The history column is a list consisting of multiple string tuples, representing the instruction and response for each turn in the history. Note that during supervised fine-tuning, the responses in the history messages are also used for model learning.
The format requirements for Supervised Fine-Tuning datasets are as follows:
[
{
"instruction": "人类指令(必填)",
"input": "人类输入(选填)",
"output": "模型回答(必填)",
"system": "系统提示词(选填)",
"history": [
["第一轮指令(选填)", "第一轮回答(选填)"],
["第二轮指令(选填)", "第二轮回答(选填)"]
]
}
]
Below is an example of multi-turn conversation in Alpaca format. For single-turn conversations, simply omit the history column.
[
{
"instruction": "今天的天气怎么样?",
"input": "",
"output": "今天的天气不错,是晴天。",
"history": [
[
"今天会下雨吗?",
"今天不会下雨,是个好天气。"
],
[
"今天适合出去玩吗?",
"非常适合,空气质量很好。"
]
]
}
]
For data in the above format, the dataset description in dataset_info.json should be:
"dataset_name": {
"file_name": "data.json",
"columns": {
"prompt": "instruction",
"query": "input",
"response": "output",
"system": "system",
"history": "history"
}
}
Pre-training Datasets¶
Sample Dataset: Pre-training Sample Dataset
Large Language Models (LLMs) are pre-trained by learning from unlabeled text to acquire language representations. Typically, pre-training datasets are obtained from the internet, as it provides a vast amount of text information from different domains, which helps improve the model’s generalization ability.
The text description format for pre-training datasets is as follows:
[
{"text": "document"},
{"text": "document"}
]
During pre-training, only the content in the text column (i.e., the document) is used for model learning.

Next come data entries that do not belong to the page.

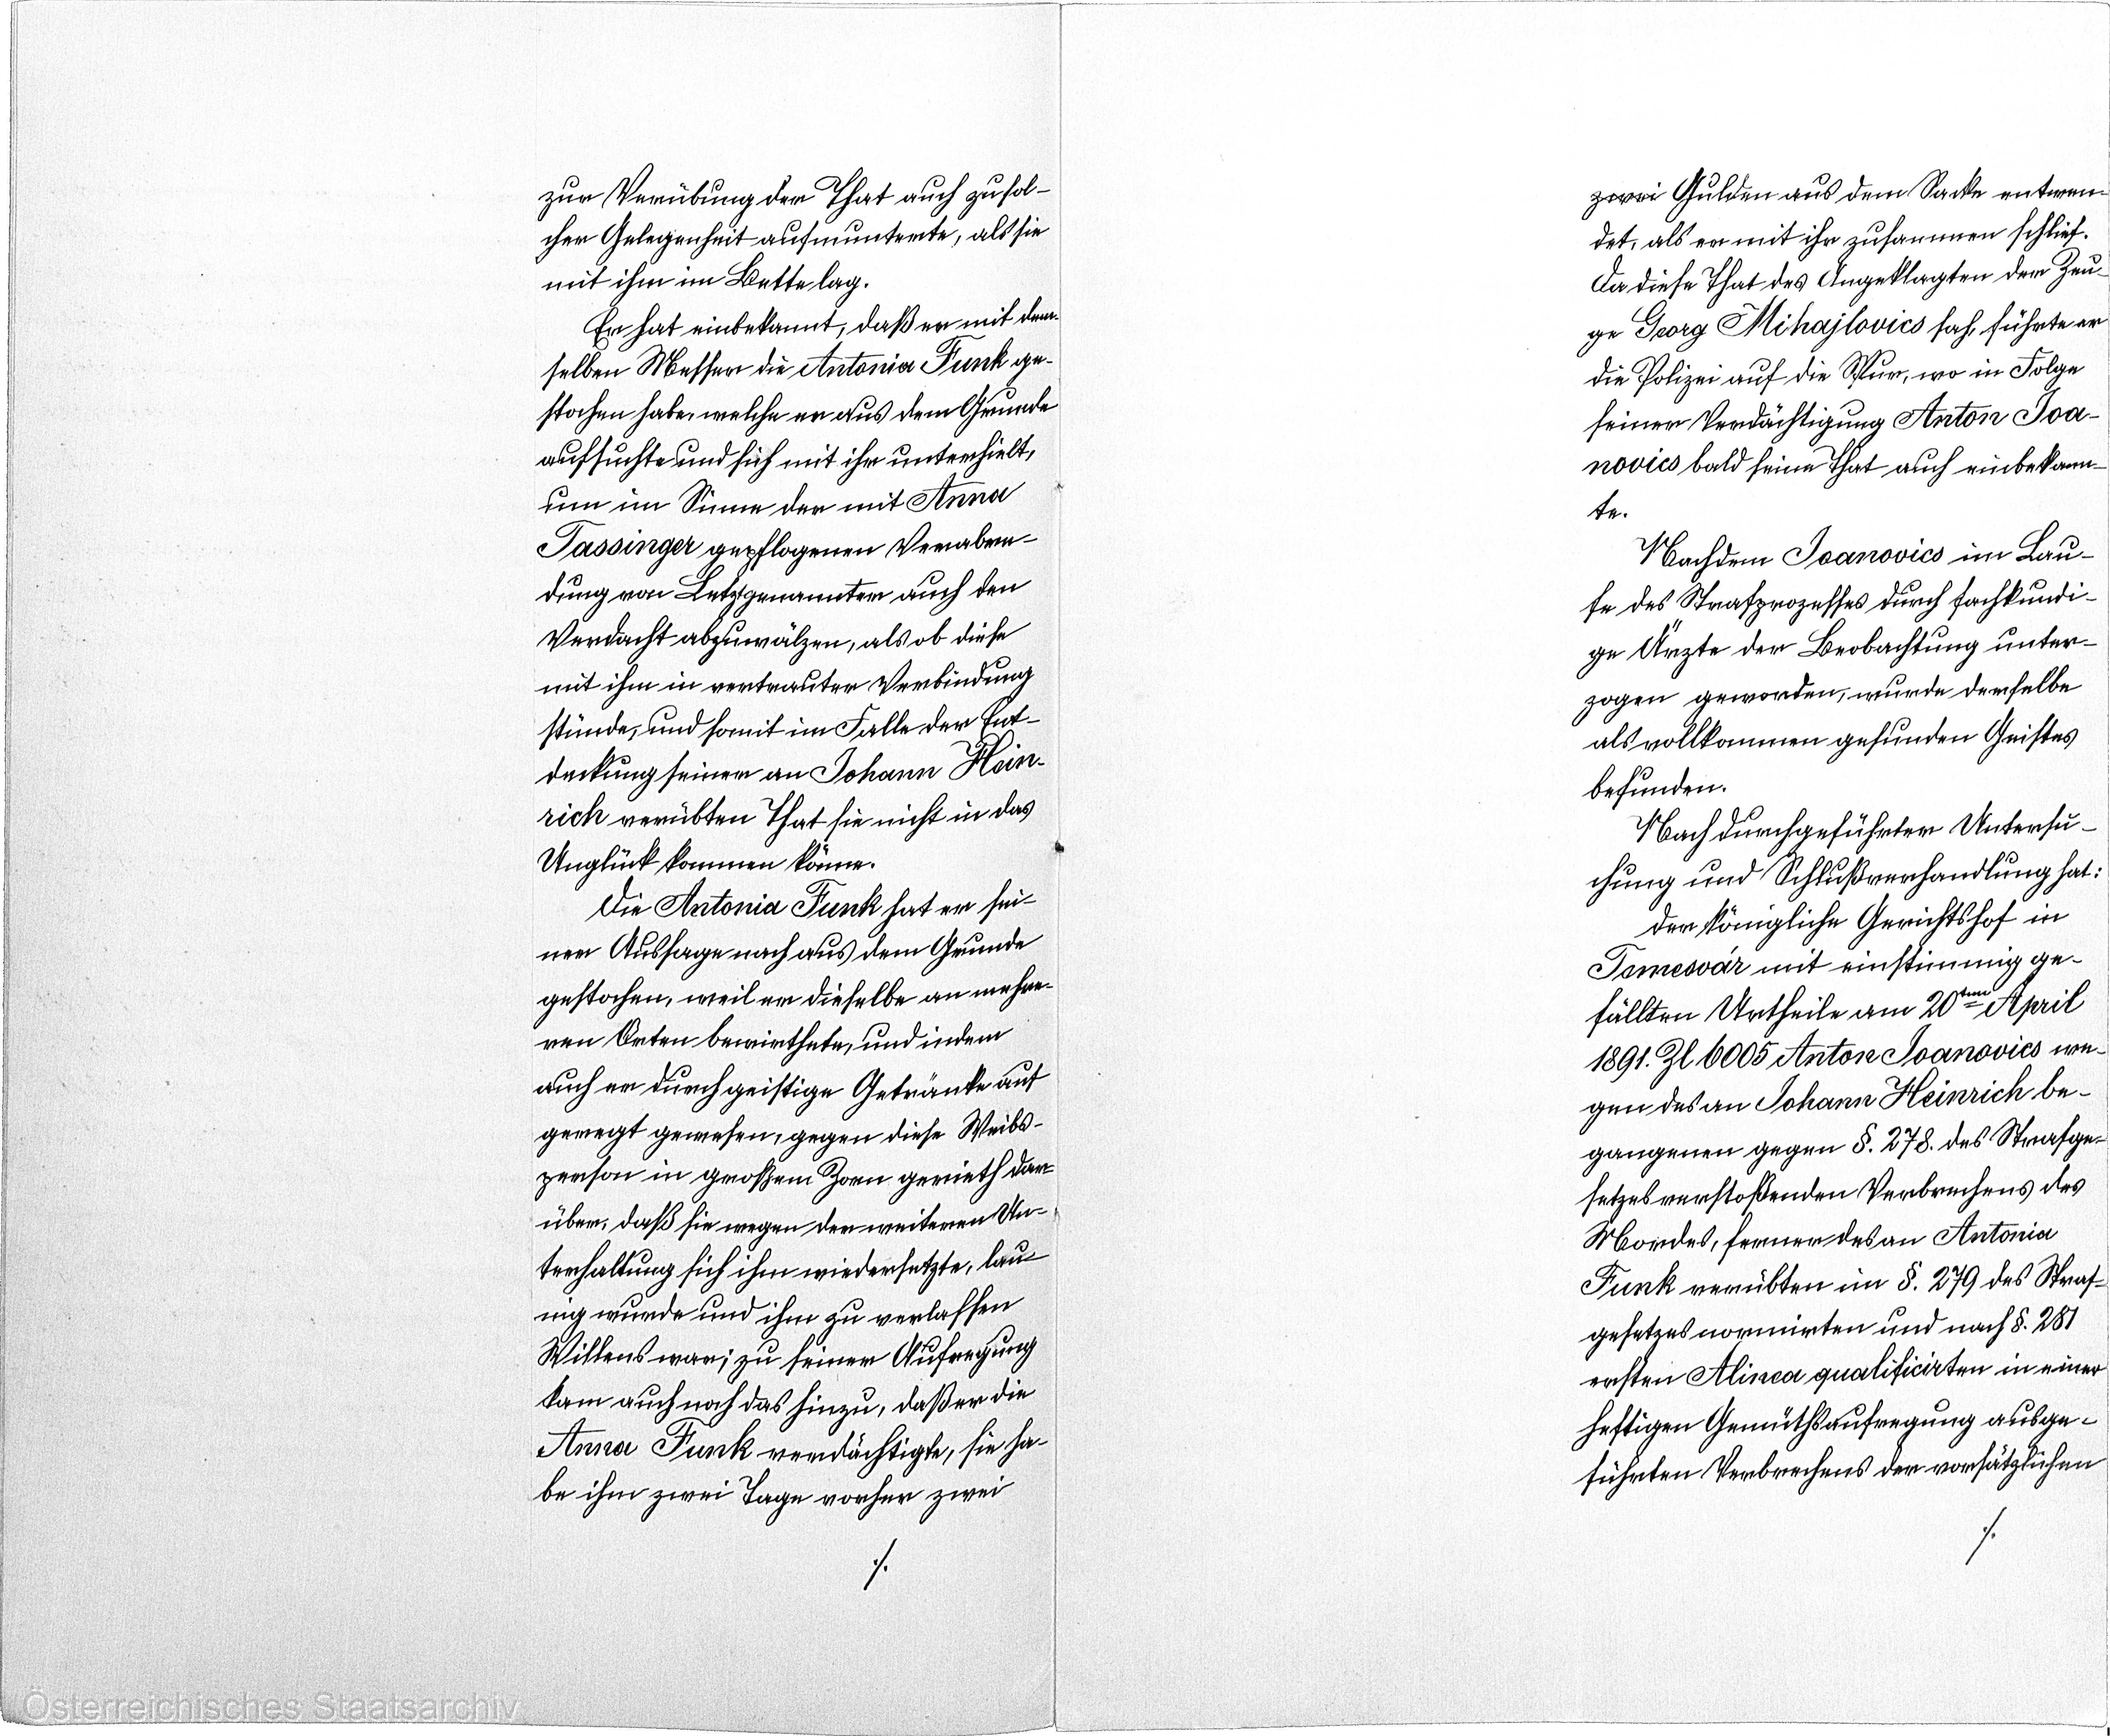zur Verübung der That auch zu sol¬
cher Gelegenheit aufmunterte, als sie
mit ihm im Bette lag.
Er hat einbekannt, daß er mit dem¬
selben Messer die Antonia Funk ge¬
stochen habe, welche er aus dem Grunde
aufsuchte und sich mit ihr unterhielt,
um im Sinne der mit Anna
Tassinger gepflogenen Verabre¬
dung von Letztgenannter auch den
Verdacht abzuwälzen, als ob diese
mit ihm in vertrauter Verbindung
stünde, und somit im Falle der Ent¬
deckung seiner an Johann Hein¬
rich verübten That sie nicht in das
Unglück kommen könne.
Die Antonia Funk hat er sei¬
ner Aussage nach aus dem Grunde
gestochen, weil er dieselbe an mehre¬
ren Orten bewirthete, und indem
auch er durch geistige Getränke auf¬
geregt gewesen, gegen diese Weibs¬
person in großem Zorn geriet dar¬
über, daß sie wegen der weiteren Un¬
terhaltung sich ihm widersetzte, lau¬
nig wurde und ihm zu verlassen
Willens war; zu seiner Aufregung
kam auch noch das hinzu, daß er die
Anna Funk verdächtigt, sie ha¬
be ihm zwei Tage vorher zwei
Gulden aus dem Sacke entwen¬
det, als er mit ihr zusammen schlief.
Da diese That des Angeklagten der Zeu¬
ge Georg Mihajlovics sah, führte er
die Polizei auf die Spur, wo in Folge
seiner Verdächtigung Anton Ioa¬
novics bald seine That auch einbekann¬
te.
Nachdem Ioanovics im Lau¬
fe des Strafprozesses durch fachkundi¬
ge Ärzte der Beobachtung unter¬
zogen geworden, wurde derselbe
als vollkommen gesunden Geistes
befunden.
Nach durchgeführter Untersu¬
chung und Schlußverhandlung hat:
der königliche Gerichtshof in
Temesvár mit einstimmig ge¬
fällten Urtheile am 20ten April
1891 Zl 6005 Anton Ioanovics we¬
gen des an Johann Heinrich be¬
gangenen gegen §278 des Strafge¬
setzes verstoßenden Verbrechens des
Mordes, ferner des an Antonia
Funk verübten im §279 des Straf¬
gesetzes normirten und nach §281
ersten Alinea qualificirten in einer
heftigen Gemüthsaufregung ausge¬
führten Verbrechens der vorsätzlichen

For data in the above format, the dataset description in dataset_info.json should be:
"dataset_name": {
"file_name": "data.json",
"columns": {
"prompt": "text"
}
}
Preference Datasets¶
Preference datasets are used for Reward Model training, DPO training, and ORPO training. For a given system instruction and human input, the preference dataset provides a better response and a worse response.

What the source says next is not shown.